Deep Neural Networks are black-boxes: they map some input to some output, and we can make them do this surprisingly well. However, we usually have no idea how this mapping works. Particularly Convolutional Neural Networks (CNNs), which employ “convolutions” as filters, achieved some impressive results (before Vision Transformers came along).
Filter Visualization can help us understand what kind of patterns the convolutional filters in CNNs detect.

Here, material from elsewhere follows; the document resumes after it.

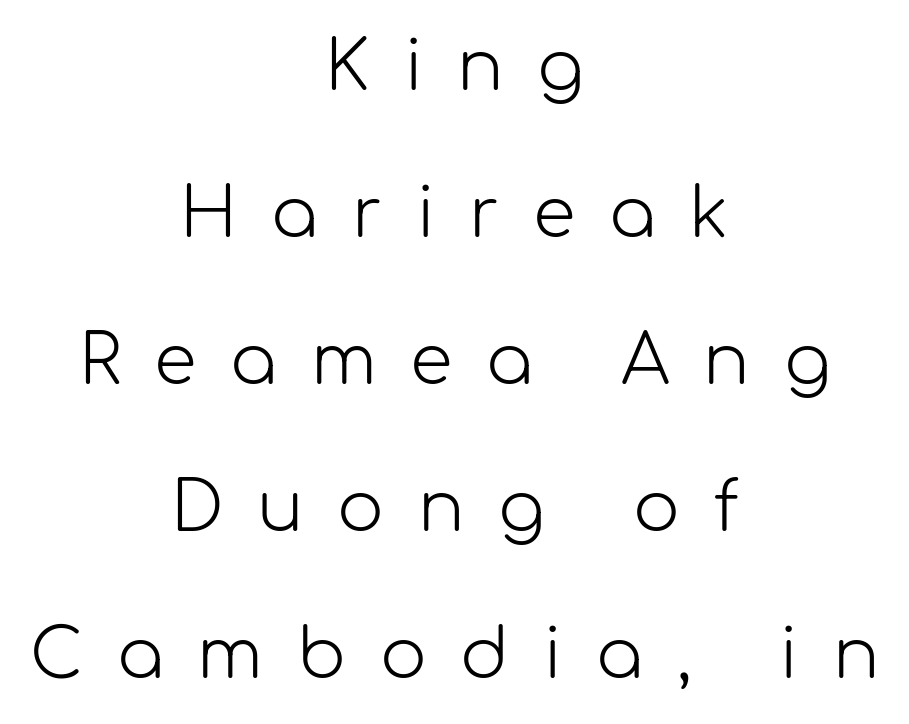
You could not count columns in this text — the font is proportionally spaced. This sample trades compactness for vertical openness between lines. Decoration check: the copy has no underline. Tracking here is generous; glyphs stand well apart from one another. Notice how the passage keeps no hard edge, just a central spine.
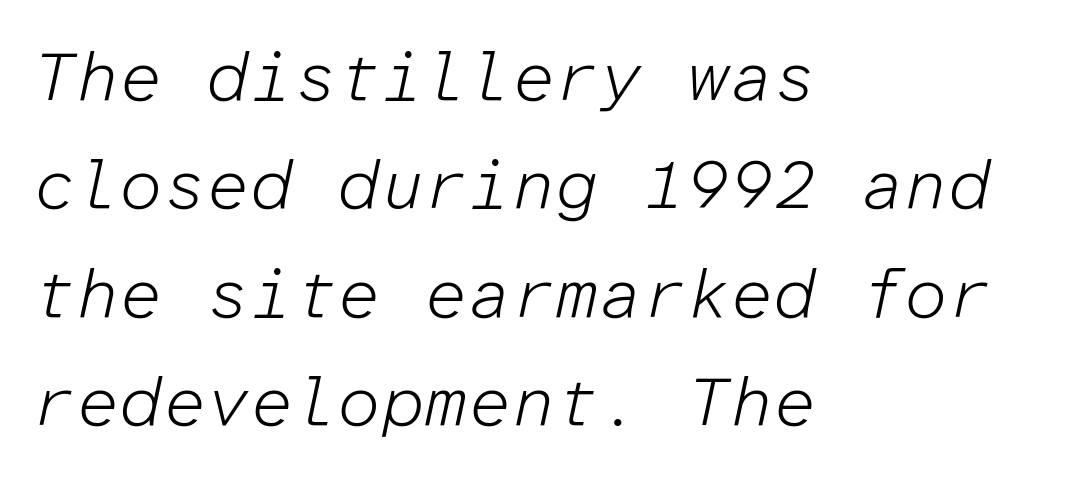
Only glyphs here, with clear space below each row. Posture: slanted. Layout note: lines flush left. Short note: letters normally spaced.

Why would we want to do it? §
Visualizing filters can help us to get an understanding of what the neural network is doing. The method can also be used to identify filters that are not required for the model, because they are redundant copies of other filters, or compute not valuable features at all.
How does it work? §
Filter visualization aims to find the input $x$ that activates a certain convolutional filter the most. Mathematically, this means we are solving $$ \arg \max_x \mathcal{L} (f(x)) = \sqrt{\sum_i \sum_j f(x)_{ij}^2} $$
where $f(x)_{ij}$ refers to the value at position $i,j$ in the feature map (the output of the filter) computed by $f$.
In practice, we solve this optimization problem via gradient descent (or, in this case, ascend, since we aim to maximize the activation). That is: we start with a randomly initialized input, $x$, calculate the gradient of the magnitude of the filter activation $\nabla_x \mathcal{L}$, and iteratively update $x$ to increase the magnitude:
$$ x’ = x + \alpha \nabla_x \mathcal{L}(f(x)) . $$
Additionally, we normalize the gradient during updates for stability.
layer = net.conv1 # this is the layer we are targeting
filter_no = 5 # the index of the filter we are targeting
alpha = 0.01 # learning rate
x = torch.randn(size=(3,256,256))
x_v = Variable(x.unsqueeze(0)).cuda(), # size will be BxCxHxW
x_v.requires_grad = True # enable grad to include in backprop
for i in range(50):
# gradient ascend iteration
out = layer(x_v) # size will be BxCxHxW
f = out[0, filter_no] # select filter by index, size will be HxW
loss = f.pow(2).sum().sqrt()
# zero grads
if x_v.grad is not None:
x_v.grad.data = torch.zeros_like(x_v.grad.data)
loss.backward()
with torch.no_grad():
# gradient normalization and upate
x_v.grad /= x_v.grad.pow(2).mean().sqrt() + 0.000001
x_v += x_v.grad * alpha
Results §
What we observe is that, the deeper we go, the more abstract the features become. While the lower features - lines with different orientations, certain colors, and color blobs - are comparatively straightforward to intepret, guessing the meaning of the lower-level features feels more like a Rorschach test.
These observations are evidence for the hypothesis that neural networks learn increasingly abstract, high-level features in upper layers. On the other hand, this also means that we can not really get an understanding of what these lower layers are doing.